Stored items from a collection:

######

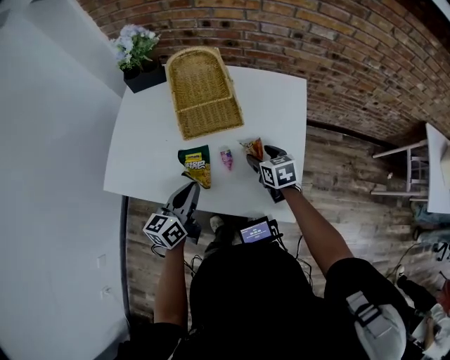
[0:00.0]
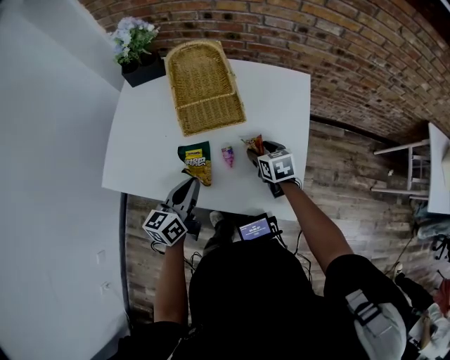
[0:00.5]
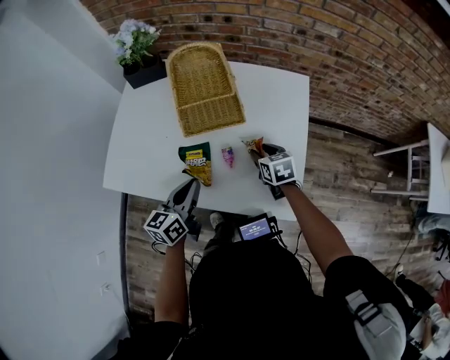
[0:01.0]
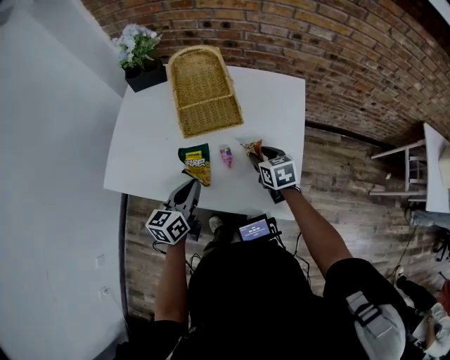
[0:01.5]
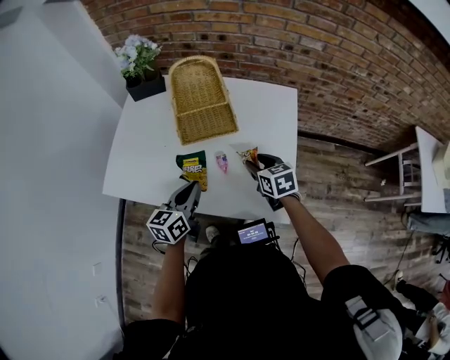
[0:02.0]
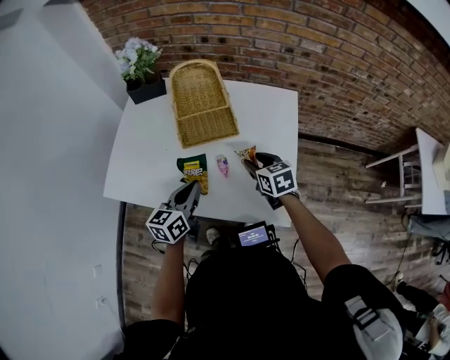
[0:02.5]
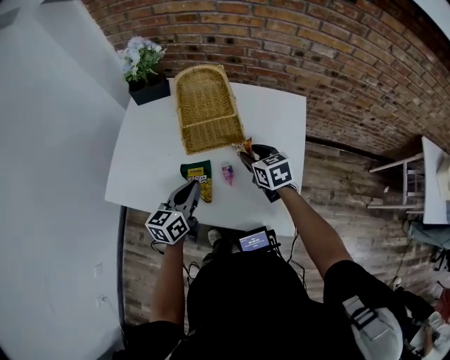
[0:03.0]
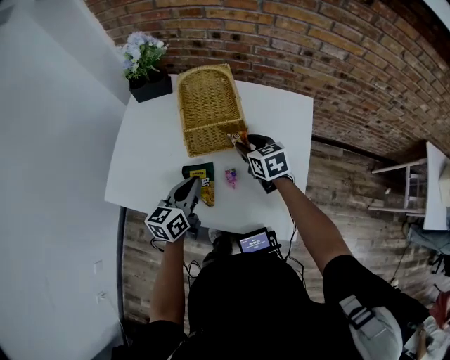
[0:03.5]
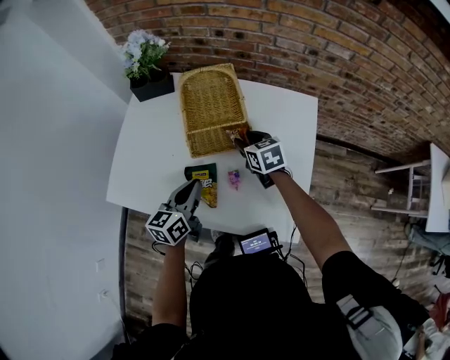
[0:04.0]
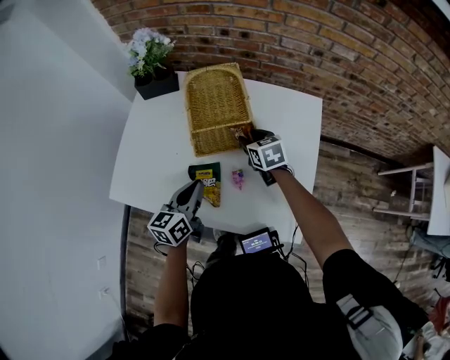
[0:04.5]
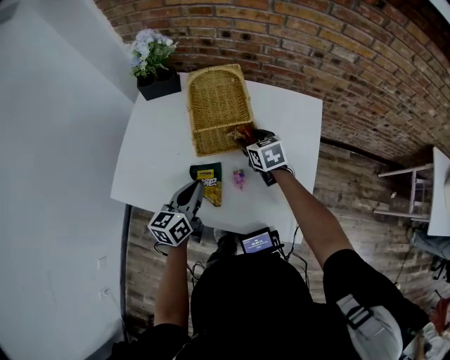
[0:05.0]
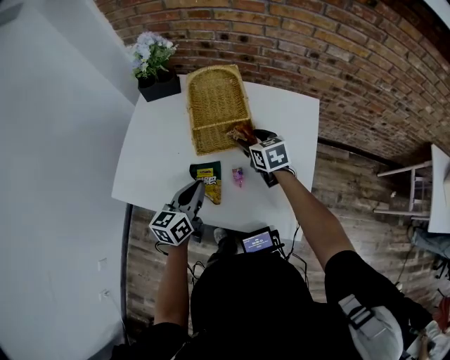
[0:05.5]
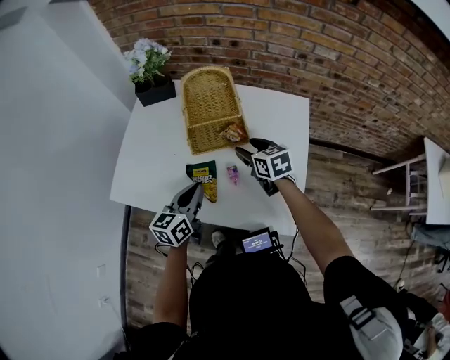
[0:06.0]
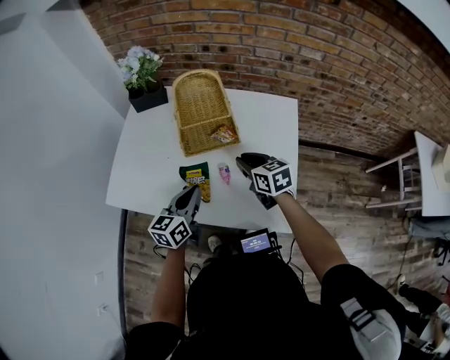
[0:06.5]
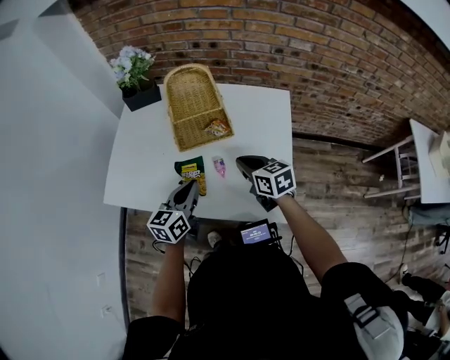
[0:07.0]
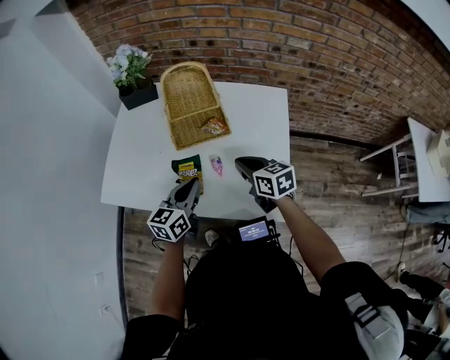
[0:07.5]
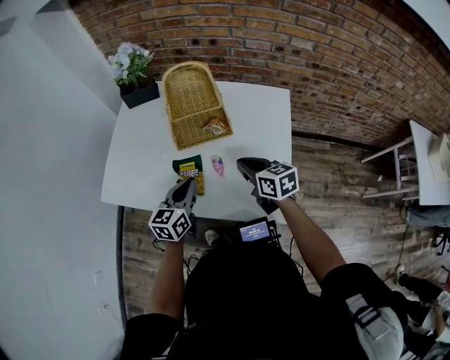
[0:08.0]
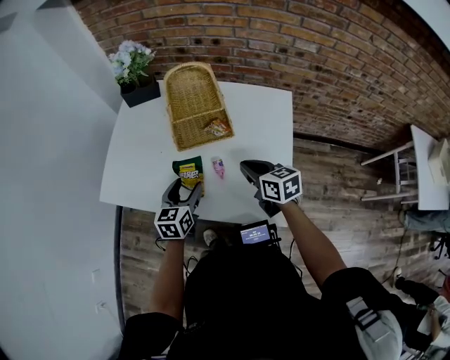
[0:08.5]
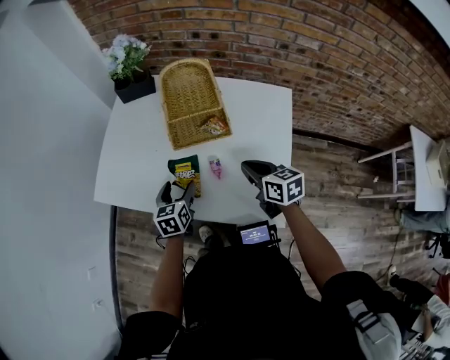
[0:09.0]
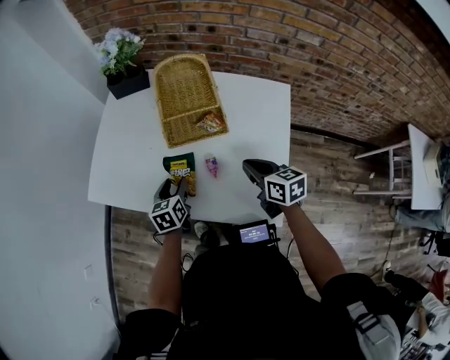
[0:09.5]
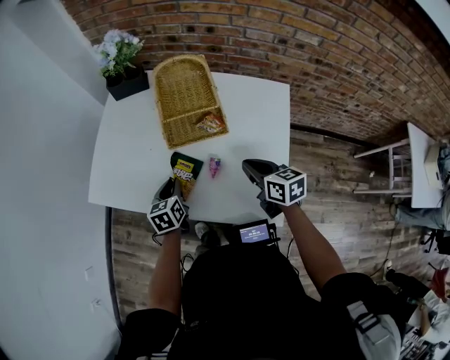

######

The reply must hold each line of the records verbatim and no pictures.

* Exercise result
[0:00.0]
[0:00.5]
[0:01.0]
[0:01.5]
[0:02.0]
[0:02.5]
[0:03.0]
[0:03.5]
[0:04.0]
[0:04.5]
[0:05.0]
[0:05.5]
[0:06.0]
[0:06.5]
[0:07.0]
[0:07.5]
[0:08.0]
[0:08.5]
[0:09.0]
[0:09.5]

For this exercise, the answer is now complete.